Instructions for the task: What follows is a listing to transcribe exactly, leaving the pictures out.
- - - - - - -
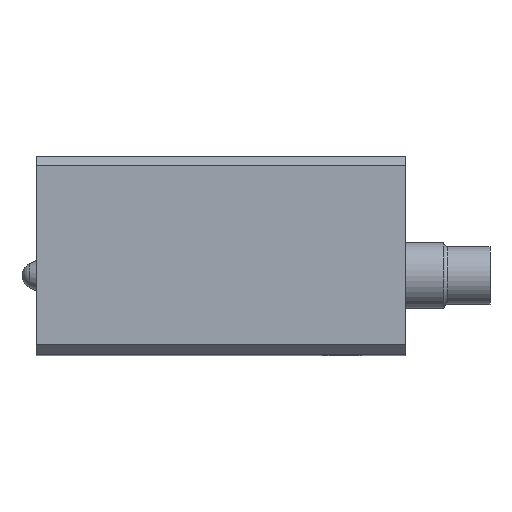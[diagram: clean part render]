
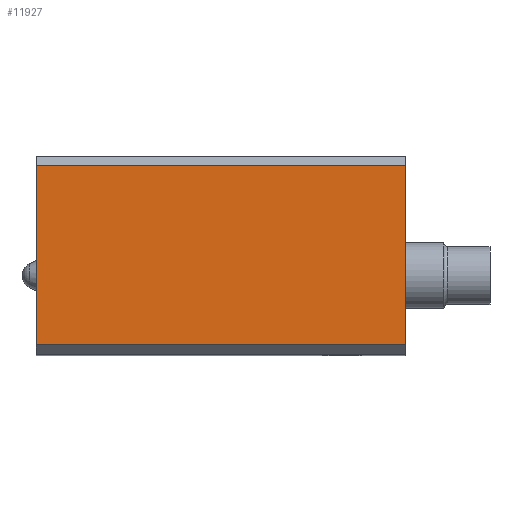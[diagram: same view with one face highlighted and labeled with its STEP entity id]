
A CAD part, top view. The second image highlights one B-rep face of the part: STEP entity #11927.
In plain terms, the highlighted planar face has unit normal (0, 0, 1).
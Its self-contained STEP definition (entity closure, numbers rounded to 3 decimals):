
#9=DIRECTION('',(0.,-1.,0.));
#10=VECTOR('',#9,13.632);
#11=CARTESIAN_POINT('',(-14.016,6.816,37.491));
#12=LINE('',#11,#10);
#1113=DIRECTION('',(1.,0.,0.));
#1114=VECTOR('',#1113,28.032);
#1115=CARTESIAN_POINT('',(-14.016,-6.816,37.491));
#1116=LINE('',#1115,#1114);
#1121=DIRECTION('',(1.,0.,0.));
#1122=VECTOR('',#1121,28.032);
#1123=CARTESIAN_POINT('',(-14.016,6.816,37.491));
#1124=LINE('',#1123,#1122);
#1161=DIRECTION('',(0.,-1.,0.));
#1162=VECTOR('',#1161,13.632);
#1163=CARTESIAN_POINT('',(14.016,6.816,37.491));
#1164=LINE('',#1163,#1162);
#8719=CARTESIAN_POINT('',(-14.016,6.816,37.491));
#8720=CARTESIAN_POINT('',(14.016,6.816,37.491));
#8721=VERTEX_POINT('',#8719);
#8722=VERTEX_POINT('',#8720);
#8739=CARTESIAN_POINT('',(-14.016,-6.816,37.491));
#8740=CARTESIAN_POINT('',(14.016,-6.816,37.491));
#8741=VERTEX_POINT('',#8739);
#8742=VERTEX_POINT('',#8740);
#11914=CARTESIAN_POINT('',(-13.99,7.505,37.491));
#11915=DIRECTION('',(0.,0.,1.));
#11916=DIRECTION('',(0.,-1.,0.));
#11917=AXIS2_PLACEMENT_3D('',#11914,#11915,#11916);
#11918=PLANE('',#11917);
#11919=ORIENTED_EDGE('',*,*,#11248,.F.);
#11921=ORIENTED_EDGE('',*,*,#11920,.T.);
#11923=ORIENTED_EDGE('',*,*,#11922,.T.);
#11924=ORIENTED_EDGE('',*,*,#11907,.F.);
#11925=EDGE_LOOP('',(#11919,#11921,#11923,#11924));
#11926=FACE_OUTER_BOUND('',#11925,.F.);
#11927=ADVANCED_FACE('',(#11926),#11918,.T.);
#11248=EDGE_CURVE('',#8721,#8741,#12,.T.);
#11907=EDGE_CURVE('',#8741,#8742,#1116,.T.);
#11920=EDGE_CURVE('',#8721,#8722,#1124,.T.);
#11922=EDGE_CURVE('',#8722,#8742,#1164,.T.);
- - - - - - -
Result of the exercise:
[diagram: clean part render]
[diagram: same view with one face highlighted and labeled with its STEP entity id]
A CAD part, top view. The second image highlights one B-rep face of the part: STEP entity #11927.
In plain terms, the highlighted planar face has unit normal (0, 0, 1).
Its self-contained STEP definition (entity closure, numbers rounded to 3 decimals):
#9=DIRECTION('',(0.,-1.,0.));
#10=VECTOR('',#9,13.632);
#11=CARTESIAN_POINT('',(-14.016,6.816,37.491));
#12=LINE('',#11,#10);
#1113=DIRECTION('',(1.,0.,0.));
#1114=VECTOR('',#1113,28.032);
#1115=CARTESIAN_POINT('',(-14.016,-6.816,37.491));
#1116=LINE('',#1115,#1114);
#1121=DIRECTION('',(1.,0.,0.));
#1122=VECTOR('',#1121,28.032);
#1123=CARTESIAN_POINT('',(-14.016,6.816,37.491));
#1124=LINE('',#1123,#1122);
#1161=DIRECTION('',(0.,-1.,0.));
#1162=VECTOR('',#1161,13.632);
#1163=CARTESIAN_POINT('',(14.016,6.816,37.491));
#1164=LINE('',#1163,#1162);
#8719=CARTESIAN_POINT('',(-14.016,6.816,37.491));
#8720=CARTESIAN_POINT('',(14.016,6.816,37.491));
#8721=VERTEX_POINT('',#8719);
#8722=VERTEX_POINT('',#8720);
#8739=CARTESIAN_POINT('',(-14.016,-6.816,37.491));
#8740=CARTESIAN_POINT('',(14.016,-6.816,37.491));
#8741=VERTEX_POINT('',#8739);
#8742=VERTEX_POINT('',#8740);
#11914=CARTESIAN_POINT('',(-13.99,7.505,37.491));
#11915=DIRECTION('',(0.,0.,1.));
#11916=DIRECTION('',(0.,-1.,0.));
#11917=AXIS2_PLACEMENT_3D('',#11914,#11915,#11916);
#11918=PLANE('',#11917);
#11919=ORIENTED_EDGE('',*,*,#11248,.F.);
#11921=ORIENTED_EDGE('',*,*,#11920,.T.);
#11923=ORIENTED_EDGE('',*,*,#11922,.T.);
#11924=ORIENTED_EDGE('',*,*,#11907,.F.);
#11925=EDGE_LOOP('',(#11919,#11921,#11923,#11924));
#11926=FACE_OUTER_BOUND('',#11925,.F.);
#11927=ADVANCED_FACE('',(#11926),#11918,.T.);
#11248=EDGE_CURVE('',#8721,#8741,#12,.T.);
#11907=EDGE_CURVE('',#8741,#8742,#1116,.T.);
#11920=EDGE_CURVE('',#8721,#8722,#1124,.T.);
#11922=EDGE_CURVE('',#8722,#8742,#1164,.T.);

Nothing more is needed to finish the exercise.